Tommaso Amici - How to load a local Parquet file in Starrocks

2 minutes

Published 2 years ago

A short guide on how to ingest data in Starrocks using Parquet files

TLDR at the bottom of the post

In the past few days, I've been investigating Starrocks, an open source database for high performance analytical workloads.

As a first step, I wanted to run some tests to validate that the performance claims actually hold true for our use case.

After trying and failing to insert roughly 75 million rows in the database, I reached the conclusion that the best approach would be to load a Parquet file.

If you don't know what Apache Parquet is, here's a summary from the project's website:

Apache Parquet is an open source, column-oriented data file format designed for efficient data storage and retrieval.

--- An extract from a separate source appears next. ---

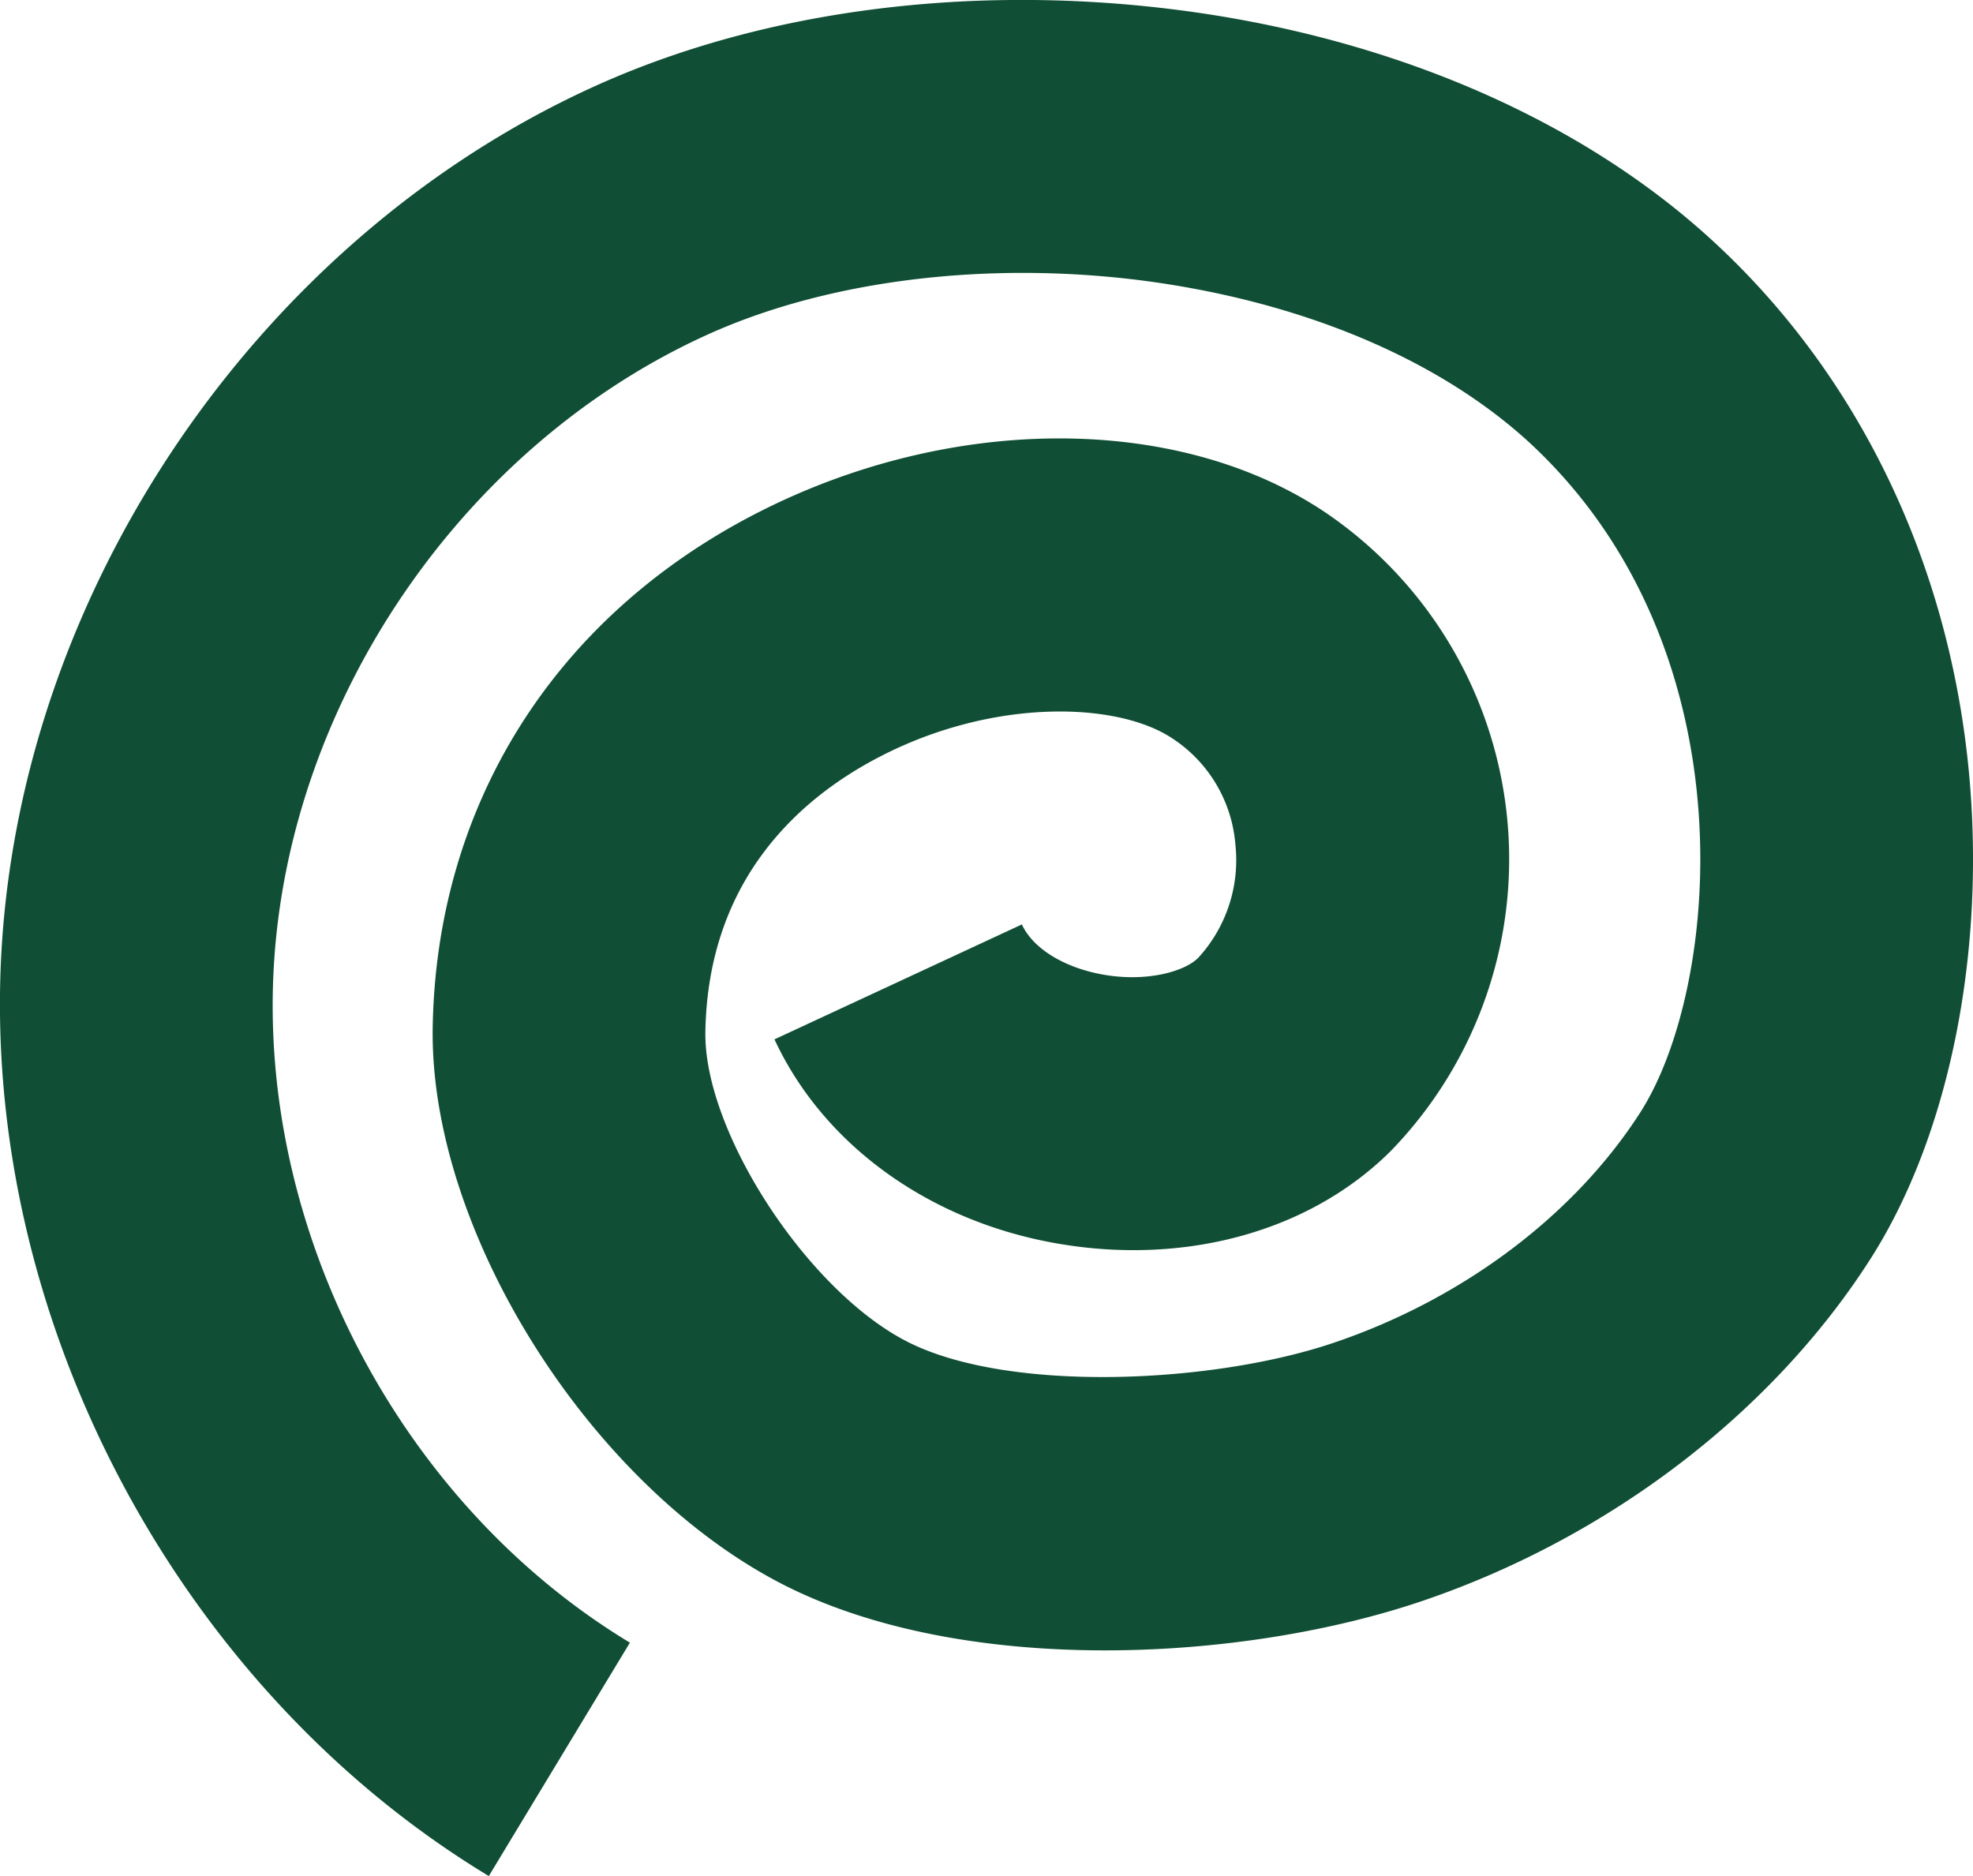 <?xml version="1.0" encoding="UTF-8"?> <svg xmlns="http://www.w3.org/2000/svg" id="Capa_1" data-name="Capa 1" viewBox="0 0 217 206.33"><defs><style>.cls-1{fill:#104e35;}</style></defs><path class="cls-1" d="M53.76,206.33C19.36,185.53-2.18,144.59.17,104.46S28.69,26.18,65.29,9.54C83.51,1.25,106.07-1.78,128.8,1c23.79,2.92,45,12,59.76,25.66,16.17,14.94,26.14,36,28.09,59.38,1.63,19.63-2.48,39.26-11,52.53-10.79,16.82-28.65,30.47-49,37.43-19.87,6.81-50.42,8.43-70.36-1.65C65,163.56,47.23,135.47,47.59,113,48,88.64,60.84,68.09,82.86,56.63c21.41-11.14,46.71-11.22,63-.21A46.07,46.07,0,0,1,153,126.55c-8.89,8.89-22.68,12.7-36.89,10.18-14-2.48-25.56-10.86-30.93-22.42l27.21-12.64c1.22,2.65,4.65,4.76,8.95,5.52,4.74.84,8.92-.32,10.44-1.84a15.89,15.89,0,0,0,4.09-12.5A15.4,15.4,0,0,0,129,81.25c-6.08-4.11-19.82-4.49-32.29,2C88.13,87.7,77.86,96.57,77.58,113.5c-.17,11,11.27,28.53,22.27,34.09,11.24,5.68,33.84,4.58,47.1,0,14.06-4.81,26.25-14,33.46-25.25,8.77-13.67,12.31-51-12.21-73.68C158,39.31,142.75,33,125.15,30.79c-17.07-2.1-34.37.11-47.44,6.06C51,49,31.84,76.89,30.12,106.21s14,59.25,39.16,74.45Z"></path></svg> 
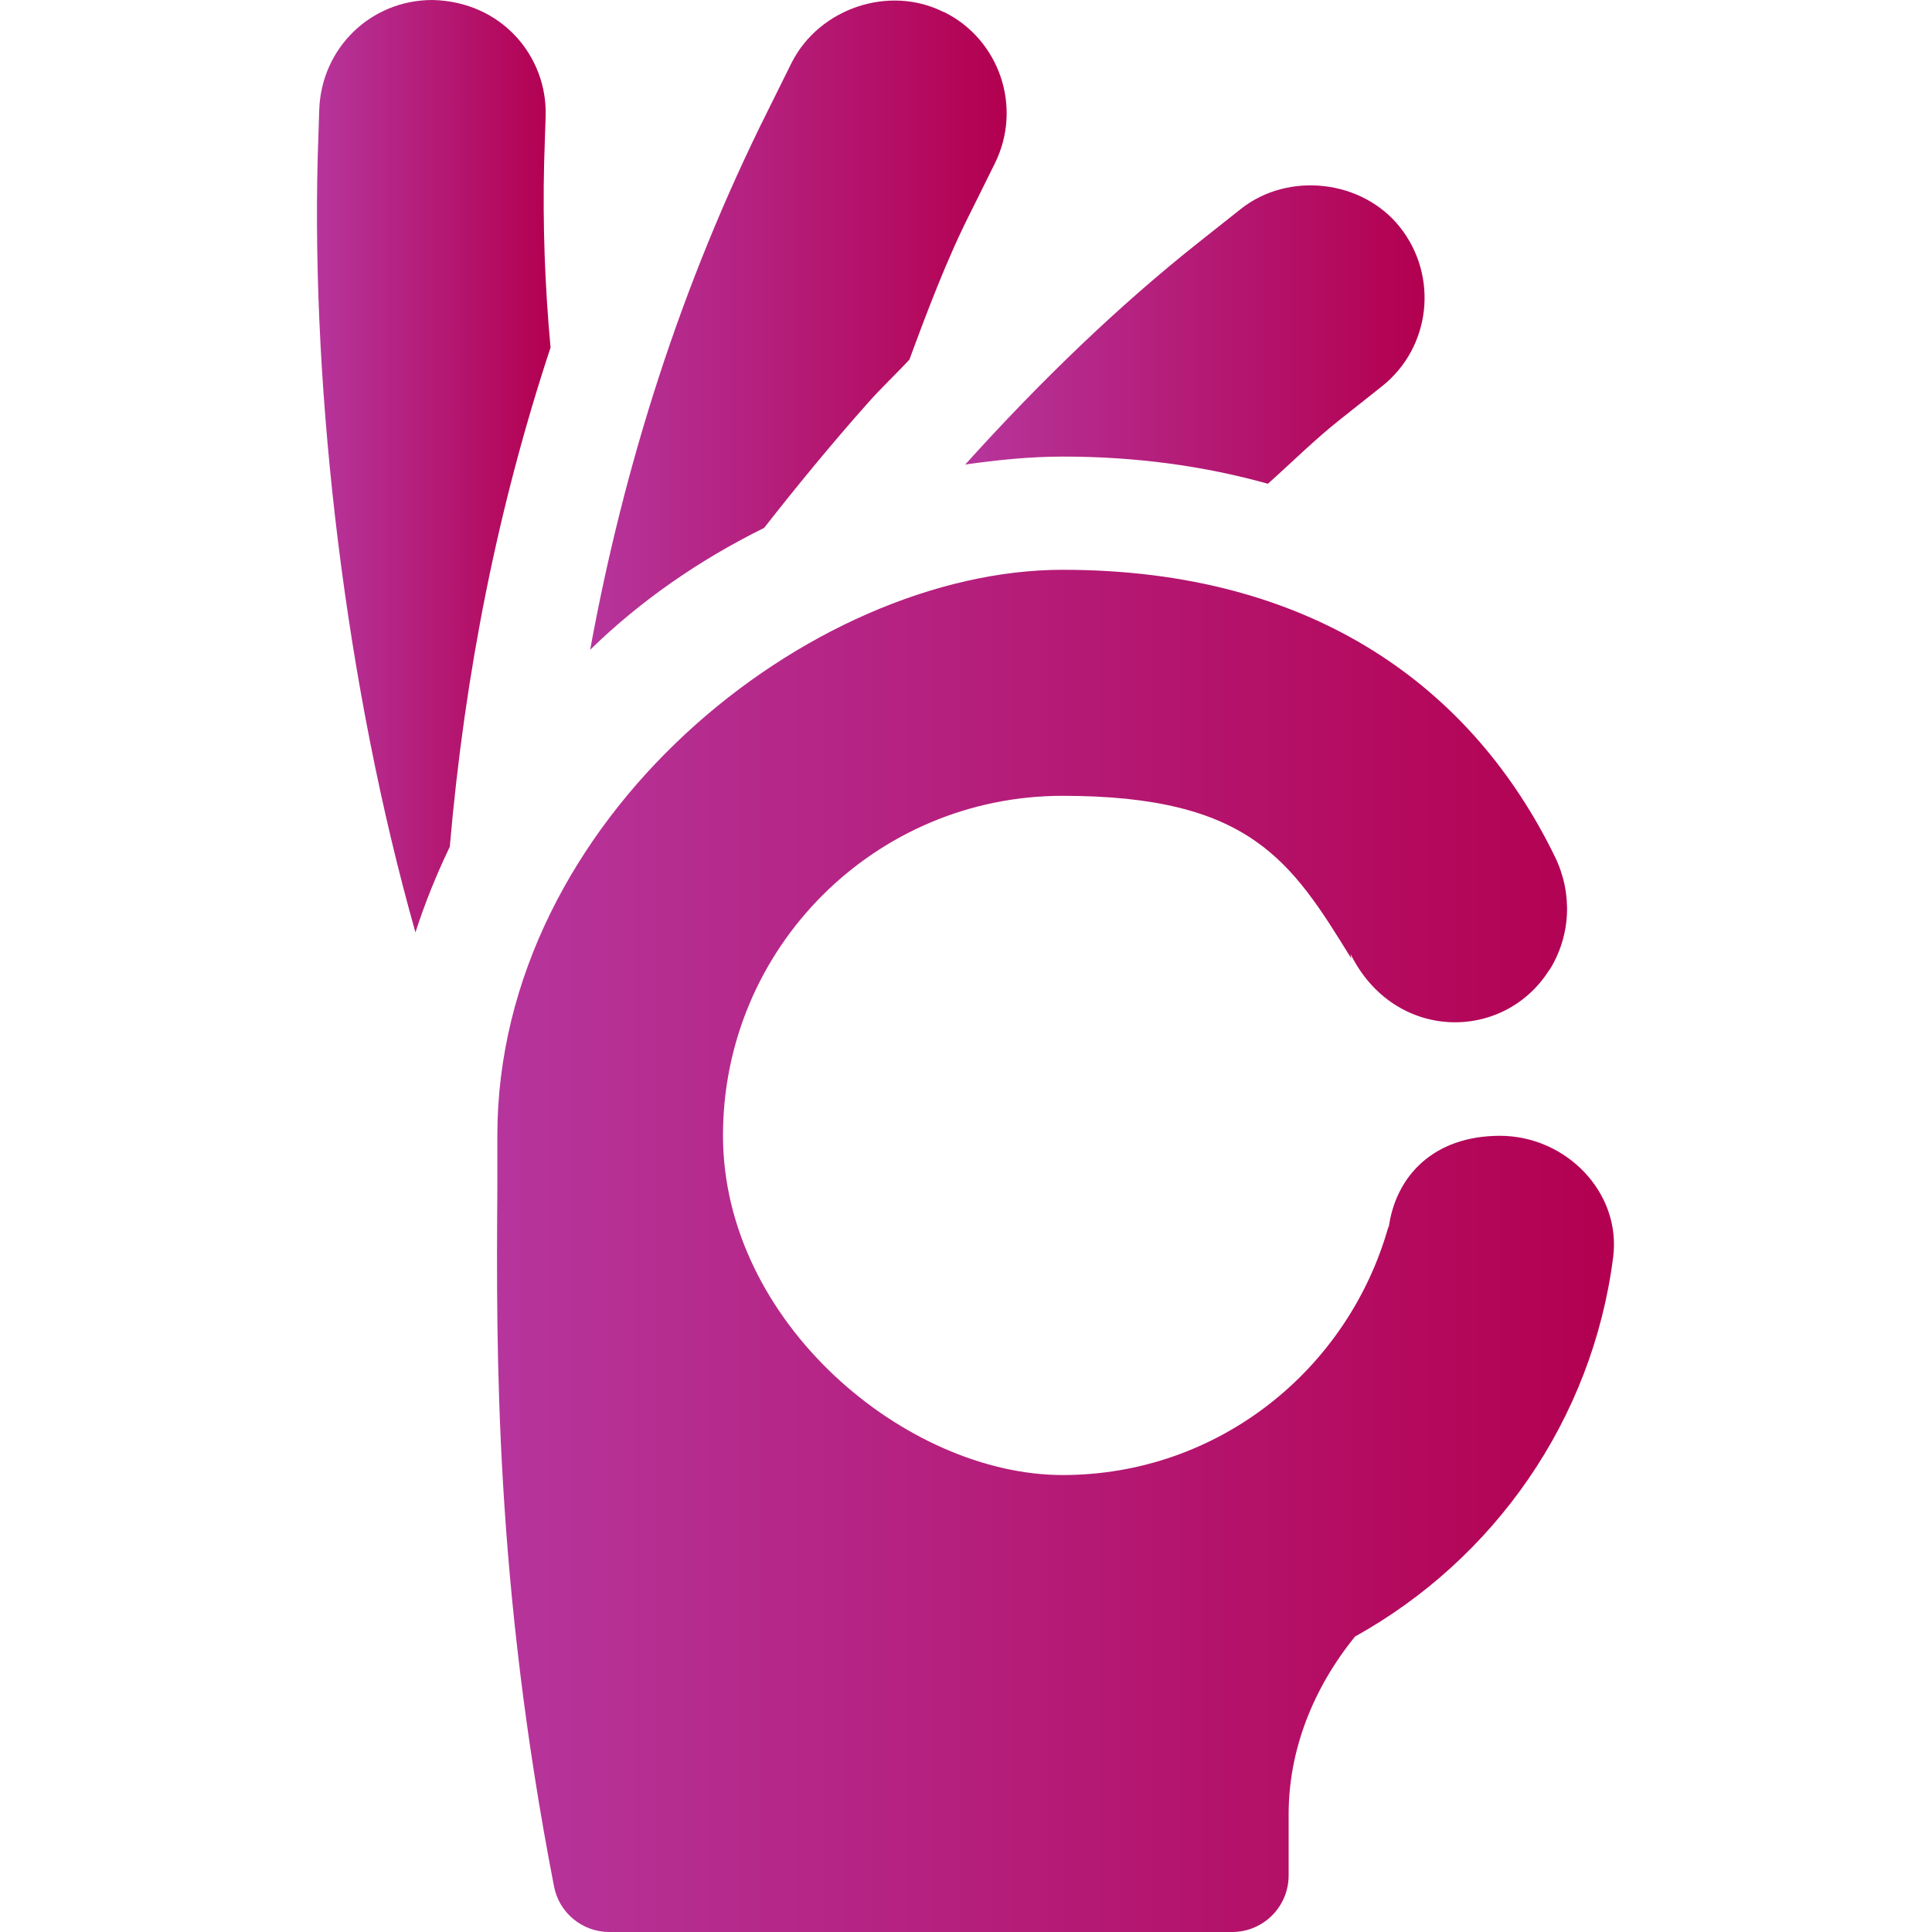 <svg xmlns="http://www.w3.org/2000/svg" xmlns:xlink="http://www.w3.org/1999/xlink" viewBox="0 0 512 512"><defs><style>      .cls-1 {        fill: url(#Degradado_sin_nombre_2-4);      }      .cls-2 {        fill: url(#Degradado_sin_nombre_2);      }      .cls-3 {        fill: url(#Degradado_sin_nombre_2-3);      }      .cls-4 {        fill: url(#Degradado_sin_nombre_2-2);      }    </style><linearGradient id="Degradado_sin_nombre_2" data-name="Degradado sin nombre 2" x1="131.8" y1="331.5" x2="427.8" y2="331.5" gradientUnits="userSpaceOnUse"><stop offset="0" stop-color="#b6359c"></stop><stop offset="1" stop-color="#b30050"></stop></linearGradient><linearGradient id="Degradado_sin_nombre_2-2" data-name="Degradado sin nombre 2" x1="84" y1="123.6" x2="145.9" y2="123.6" xlink:href="#Degradado_sin_nombre_2"></linearGradient><linearGradient id="Degradado_sin_nombre_2-3" data-name="Degradado sin nombre 2" x1="156.4" y1="86.1" x2="266.7" y2="86.1" xlink:href="#Degradado_sin_nombre_2"></linearGradient><linearGradient id="Degradado_sin_nombre_2-4" data-name="Degradado sin nombre 2" x1="255.7" y1="88.6" x2="377.4" y2="88.6" xlink:href="#Degradado_sin_nombre_2"></linearGradient></defs><g><g id="Capa_1"><g><path class="cls-2" d="M410.6,257.1c5.7-9.1,6.2-20.3,1.5-30-21.7-44.6-63.8-76.1-130.5-76.1s-149.8,65.9-149.8,150v14.1c-.3,43.6-.6,104.3,15,184.7,1.3,7.1,7.5,12.2,14.7,12.2h165c8.3,0,15-6.7,15-15v-16.2c0-16.9,6.4-33.3,17.6-47.1,36.9-20.5,62.9-57.5,68.4-100.5,2.2-17.2-12.5-32.2-30-32.2s-27.7,10.6-29.5,24.5v-.6c-10.6,38-45.1,66-86.4,66s-90-40.3-90-90,40.3-90,90-90,60.6,17.3,76.5,43.1l-.2-1.2c11.5,23.3,40.6,23.5,52.7,4.2Z"></path><path class="cls-4" d="M84.6,29.2l-.4,12.3c-1.7,63.6,7.5,140.6,25.9,205.6,2.5-7.8,5.6-15.4,9.1-22.7,4-46.3,12.8-90.2,26.7-132.3-1.5-16.3-2.1-32.6-1.7-49l.4-12.3c.5-15.8-11.6-30.4-30-30.8-16.4,0-29.5,12.8-30,29.2Z"></path><path class="cls-3" d="M250.1,3.2c-14.5-7.3-33-1-40.3,13.4l-6.3,12.7c-23,46-38.2,94.2-47.1,142.9,13.4-13.1,29.1-23.9,46.1-32.3,8.7-11.1,17.8-22.2,27.4-33,3.6-4.1,7.4-7.6,11.1-11.6,4.8-13,10-26.8,16.3-39.2l6.3-12.7c7.5-15,1.2-33-13.4-40.2Z"></path><path class="cls-1" d="M336,128.2c6.4-5.7,12.4-11.7,19.1-17l11.1-8.8c13-10.3,15.1-29.2,4.8-42.2-10-12.6-29.6-14.8-42.2-4.8l-11.1,8.8c-21.1,16.7-41.9,36.7-61.9,58.9,8.5-1.2,17.1-2.1,25.9-2.1,19.4,0,37.5,2.5,54.3,7.2Z"></path></g></g></g></svg>

It provides efficient data compression and encoding schemes with enhanced performance to handle complex data in bulk.

What this means in practice is that the SQLite database I had used to generate demo data takes up 7.9 GB, while the Parquet file that holds the exact same data is only 1.22 GB.

Unfortunately, the official documentation is not as detailed as I would like; and the search currently only returns pages for loading data from Parquet files stored in object storage services like AWS S3 or GCP GCS.

TLDR

Finally, I managed to find this very helpful discussion on GitHub.

First, add a broker for loading local files:

alter system add broker local_load "127.0.0.1:8000";

Second, if you're running Starrocks with the official Docker image, like suggested in the quick start guide. Copy the Parquet file inside the running container.

docker cp demo.parquet <container_name>:/demo.parquet

Last, import the data in an existing table:

load label past_cabin_metrics_label (
    data infile(
        "file:///demo.parquet"
    ) into table demo_table format as "parquet"(
        col_1,
        col_2
    )
) with broker local_load properties("timeout" = "3600");

Since the documentation is open source, I will try to open a pull request for improving this section. In the meantime, maybe this can be useful to someone out there.